# Removing Plumbing Vent from Roof



## Michael Thomas (Jan 27, 2008)

Is there is some pressing reason to remove it?

If not, why not just cap it off, and then remove it, repair the sheathing, and shingle over the repair the next time you re-roof?


----------



## WaldenL (Jan 9, 2009)

Michael Thomas said:


> Is there is some pressing reason to remove it?
> 
> If not, why not just cap it off, and then remove it, repair the sheathing, and shingle over the repair the next time you re-roof?


No pressing reason to remove it, and if we were going to reroof in the next couple of years that's exactly what I'd do. But (hopefully) the next roof will be 20+ years away (and not our problem. )

How would one cap it anyway? Just a 4" PVC cap glued to the top?


----------



## Slyfox (Jun 13, 2008)

I charge a minimum of $75.00 service charge, and if you were in my regular work area that's all I would charge to do this, so you should at least call your roofer and get a price.

If you have to purchase a bundle of shingles that it's self will cost you $20.00 too $30.00 bucks depending on prices in your area.

You only need 3 shingles. Should have at least 6 in case you damage any additional ones when removing the existing.
A piece of 10" x 10" heavier gauge metal 'to cover hole'.
A hand full of roofing nails at least 1 1/4" long.

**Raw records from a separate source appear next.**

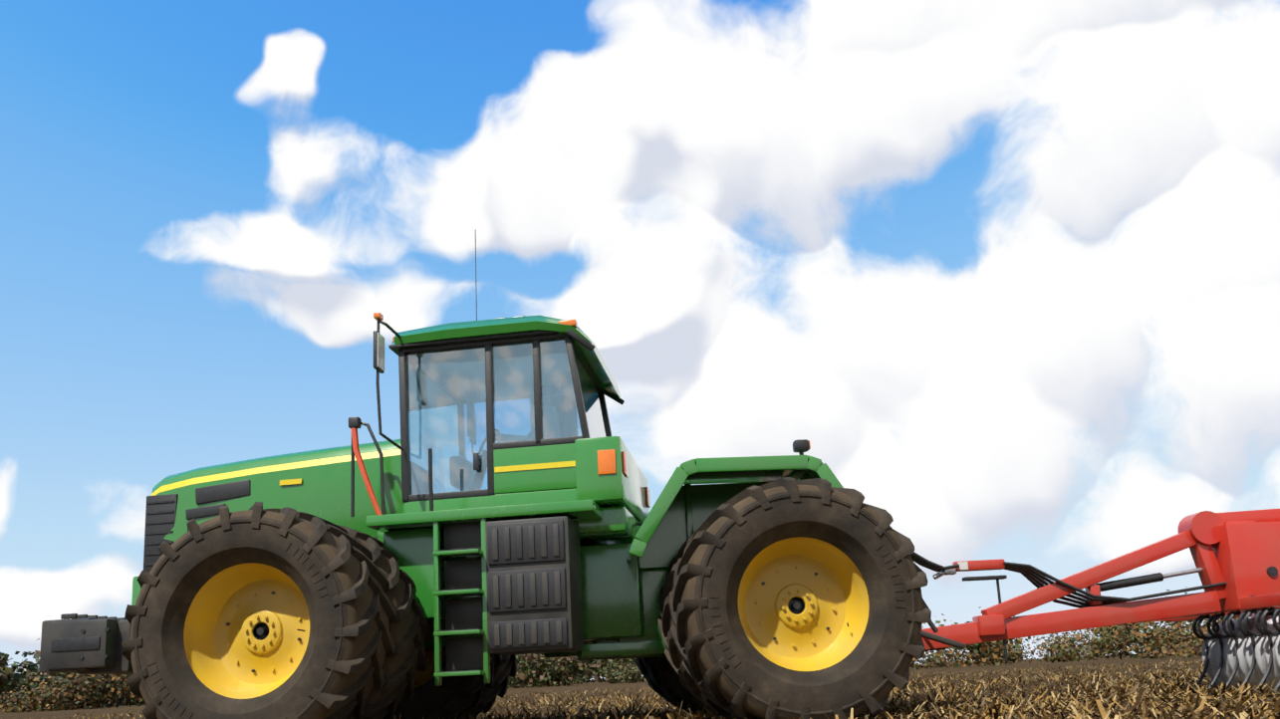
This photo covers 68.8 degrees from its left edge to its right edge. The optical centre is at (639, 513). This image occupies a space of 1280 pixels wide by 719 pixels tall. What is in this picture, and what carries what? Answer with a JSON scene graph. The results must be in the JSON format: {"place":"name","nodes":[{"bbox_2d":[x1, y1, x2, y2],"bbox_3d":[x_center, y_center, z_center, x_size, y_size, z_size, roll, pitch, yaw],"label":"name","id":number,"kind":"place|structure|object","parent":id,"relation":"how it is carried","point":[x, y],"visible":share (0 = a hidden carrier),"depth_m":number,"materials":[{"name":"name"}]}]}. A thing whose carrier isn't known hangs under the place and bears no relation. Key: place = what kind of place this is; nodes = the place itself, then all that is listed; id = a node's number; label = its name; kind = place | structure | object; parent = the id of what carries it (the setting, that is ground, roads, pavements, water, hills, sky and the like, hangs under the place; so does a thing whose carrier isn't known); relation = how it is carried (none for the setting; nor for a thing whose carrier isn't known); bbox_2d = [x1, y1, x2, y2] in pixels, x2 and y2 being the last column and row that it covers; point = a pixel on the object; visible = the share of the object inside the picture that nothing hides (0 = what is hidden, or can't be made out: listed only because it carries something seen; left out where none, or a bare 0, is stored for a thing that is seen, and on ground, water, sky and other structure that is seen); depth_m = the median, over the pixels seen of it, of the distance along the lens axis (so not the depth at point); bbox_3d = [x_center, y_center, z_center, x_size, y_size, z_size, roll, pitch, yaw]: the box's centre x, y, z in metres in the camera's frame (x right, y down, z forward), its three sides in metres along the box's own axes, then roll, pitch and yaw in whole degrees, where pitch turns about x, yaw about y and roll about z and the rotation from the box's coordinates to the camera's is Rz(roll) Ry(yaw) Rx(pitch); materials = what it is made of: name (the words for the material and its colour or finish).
{"place":"outdoors","nodes":[
{"label":"outdoors","id":0,"kind":"place"},
{"bbox_2d":[0,656,1279,718],"bbox_3d":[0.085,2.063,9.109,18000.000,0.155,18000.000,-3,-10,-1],"label":"ground","id":1,"kind":"structure","parent":0,"point":[603,686],"depth_m":30.78,"materials":[{"name":"soil"}]},
{"bbox_2d":[38,231,965,718],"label":"tractor","id":2,"kind":"object","parent":1,"relation":"on","point":[471,532],"visible":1,"depth_m":7.82,"materials":[{"name":"metal"}]},
{"bbox_2d":[0,586,1250,713],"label":"bushes","id":3,"kind":"object","parent":1,"relation":"on","point":[31,688],"visible":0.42,"depth_m":104.33,"materials":[{"name":"green plant"}]},
{"bbox_2d":[11,658,1279,718],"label":"field stubble","id":4,"kind":"object","parent":1,"relation":"on","point":[1206,709],"visible":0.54,"depth_m":8.97,"materials":[{"name":"beige plant"}]},
{"bbox_2d":[909,509,1279,694],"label":"tillage implement","id":5,"kind":"object","parent":1,"relation":"on","point":[1235,557],"visible":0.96,"depth_m":9.26,"materials":[{"name":"metal"}]},
{"bbox_2d":[0,0,1279,680],"label":"sky","id":6,"kind":"structure","parent":0,"point":[1009,270],"materials":[{"name":"white"}]}
]}

You have to take the shingle below the pipe that the pipe boot is nailed into,
the shingle cut around the pipe and the shingle at the top of the pipe that has roof cement on it.
you will need to remove the nails from the shingle one higher 'above' the top shingle touching the pipe so you can place the new one properly under it.
Be careful when lifting the lower portions of the shingles to get to the nails, they have a self sealer strip on them and you do not want to rip the shingle.

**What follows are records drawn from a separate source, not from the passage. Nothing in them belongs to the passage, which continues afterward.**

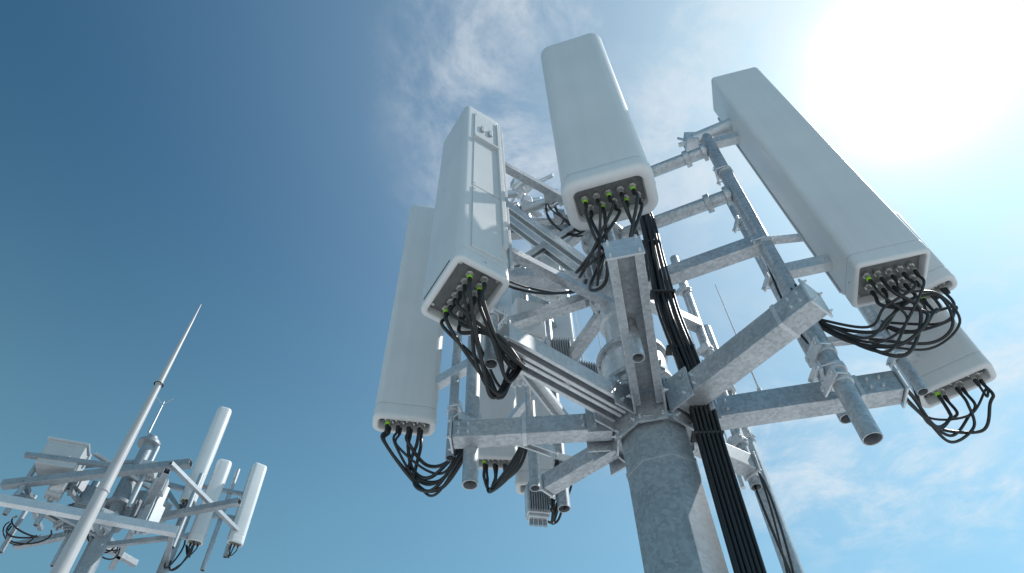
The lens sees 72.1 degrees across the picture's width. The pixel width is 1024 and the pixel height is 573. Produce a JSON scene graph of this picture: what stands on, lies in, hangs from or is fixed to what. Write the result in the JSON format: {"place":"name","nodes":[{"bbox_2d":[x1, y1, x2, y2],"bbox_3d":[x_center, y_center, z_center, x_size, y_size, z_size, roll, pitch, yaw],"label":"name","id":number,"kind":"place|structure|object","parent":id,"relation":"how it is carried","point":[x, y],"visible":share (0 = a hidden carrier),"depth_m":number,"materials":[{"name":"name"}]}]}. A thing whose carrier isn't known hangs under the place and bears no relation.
{"place":"outdoors","nodes":[
{"label":"outdoors","id":0,"kind":"place"},
{"bbox_2d":[0,396,250,572],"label":"cell tower","id":1,"kind":"structure","parent":0,"point":[59,465],"depth_m":15.07,"materials":[{"name":"metal"}]},
{"bbox_2d":[50,304,200,572],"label":"lightning mast","id":2,"kind":"object","parent":1,"relation":"attached to","point":[65,560],"visible":1,"depth_m":12.67,"materials":[{"name":"metal"}]},
{"bbox_2d":[179,406,231,508],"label":"panel antenna","id":3,"kind":"object","parent":1,"relation":"attached to","point":[209,447],"visible":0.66,"depth_m":17.14,"materials":[{"name":"white plastic"}]},
{"bbox_2d":[185,459,231,557],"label":"panel antenna","id":4,"kind":"object","parent":1,"relation":"attached to","point":[202,521],"visible":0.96,"depth_m":16.39,"materials":[{"name":"white plastic"}]},
{"bbox_2d":[227,463,266,557],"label":"panel antenna","id":5,"kind":"object","parent":1,"relation":"attached to","point":[249,498],"visible":0.99,"depth_m":16.53,"materials":[{"name":"white plastic"}]},
{"bbox_2d":[0,0,1023,572],"label":"sky","id":6,"kind":"structure","parent":0,"point":[263,165],"materials":[{"name":"blue"}]},
{"bbox_2d":[435,118,928,572],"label":"cell tower","id":7,"kind":"structure","parent":0,"point":[650,423],"depth_m":3.97,"materials":[{"name":"metal"}]},
{"bbox_2d":[372,205,462,496],"bbox_3d":[-0.537,0.224,5.299,0.796,3.158,0.319,-13,-54,8],"label":"panel antenna","id":8,"kind":"object","parent":7,"relation":"attached to","point":[407,398],"visible":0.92,"depth_m":4.76,"materials":[{"name":"white plastic"}]},
{"bbox_2d":[421,106,527,399],"bbox_3d":[-0.186,-0.477,4.704,0.570,3.229,0.454,28,-65,-17],"label":"panel antenna","id":9,"kind":"object","parent":7,"relation":"attached to","point":[466,284],"visible":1,"depth_m":3.86,"materials":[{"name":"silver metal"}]},
{"bbox_2d":[479,288,527,493],"bbox_3d":[-0.113,0.478,6.134,0.371,2.934,0.705,8,-53,-7],"label":"panel antenna","id":10,"kind":"object","parent":7,"relation":"attached to","point":[506,459],"visible":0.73,"depth_m":5.38,"materials":[{"name":"white plastic"}]},
{"bbox_2d":[512,286,556,505],"bbox_3d":[0.177,0.659,6.406,0.388,3.233,0.543,-4,-53,2],"label":"panel antenna","id":11,"kind":"object","parent":7,"relation":"attached to","point":[522,475],"visible":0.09,"depth_m":5.58,"materials":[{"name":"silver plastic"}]},
{"bbox_2d":[531,245,574,344],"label":"panel antenna","id":12,"kind":"object","parent":7,"relation":"attached to","point":[564,328],"visible":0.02,"depth_m":6.54,"materials":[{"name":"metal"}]},
{"bbox_2d":[541,33,657,291],"bbox_3d":[0.596,-0.916,4.941,0.570,2.883,0.778,-15,-54,9],"label":"panel antenna","id":13,"kind":"object","parent":7,"relation":"attached to","point":[606,174],"visible":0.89,"depth_m":4.24,"materials":[{"name":"white plastic"}]},
{"bbox_2d":[711,67,960,357],"bbox_3d":[2.012,-0.748,5.176,0.822,3.482,0.401,-13,-53,6],"label":"panel antenna","id":14,"kind":"object","parent":7,"relation":"attached to","point":[839,212],"visible":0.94,"depth_m":4.54,"materials":[{"name":"white plastic"}]},
{"bbox_2d":[880,211,957,333],"bbox_3d":[2.655,-0.052,4.876,0.584,1.182,0.190,-32,-58,21],"label":"panel antenna","id":15,"kind":"object","parent":7,"relation":"attached to","point":[941,279],"visible":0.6,"depth_m":4.57,"materials":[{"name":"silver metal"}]},
{"bbox_2d":[858,299,995,443],"bbox_3d":[2.567,-0.112,5.085,0.778,2.793,0.478,36,-61,-25],"label":"panel antenna","id":16,"kind":"object","parent":7,"relation":"attached to","point":[958,363],"visible":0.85,"depth_m":4.39,"materials":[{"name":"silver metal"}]}
]}

If you were to decide to leave it in tact as is, the 'rubber' cap you need to cover the pipe can be purchased at most hardware, lumber and plumbing stores. It's a simple rubber cap that slides on and can be clamped to stay in place.


----------



## Michael Thomas (Jan 27, 2008)

A PVC cap would also be fine. If you wished you could just pressure-fit it, that stack is no longer "plumbing".


----------



## WaldenL (Jan 9, 2009)

Thanks all! I grabbed a PVC cap at lunch and sent my son up to put it on, he didn't have to get off the ladder, just set it on top -- he loved it! :thumbsup: 

I'll likely call the roofer for a more permenant fix, but this way we won't have a shower in the kitchen next time it rains. :laughing:

Oh, and 3" not 4", I must have been drunk. I came to my senses when I say how large 4" PVC is.


----------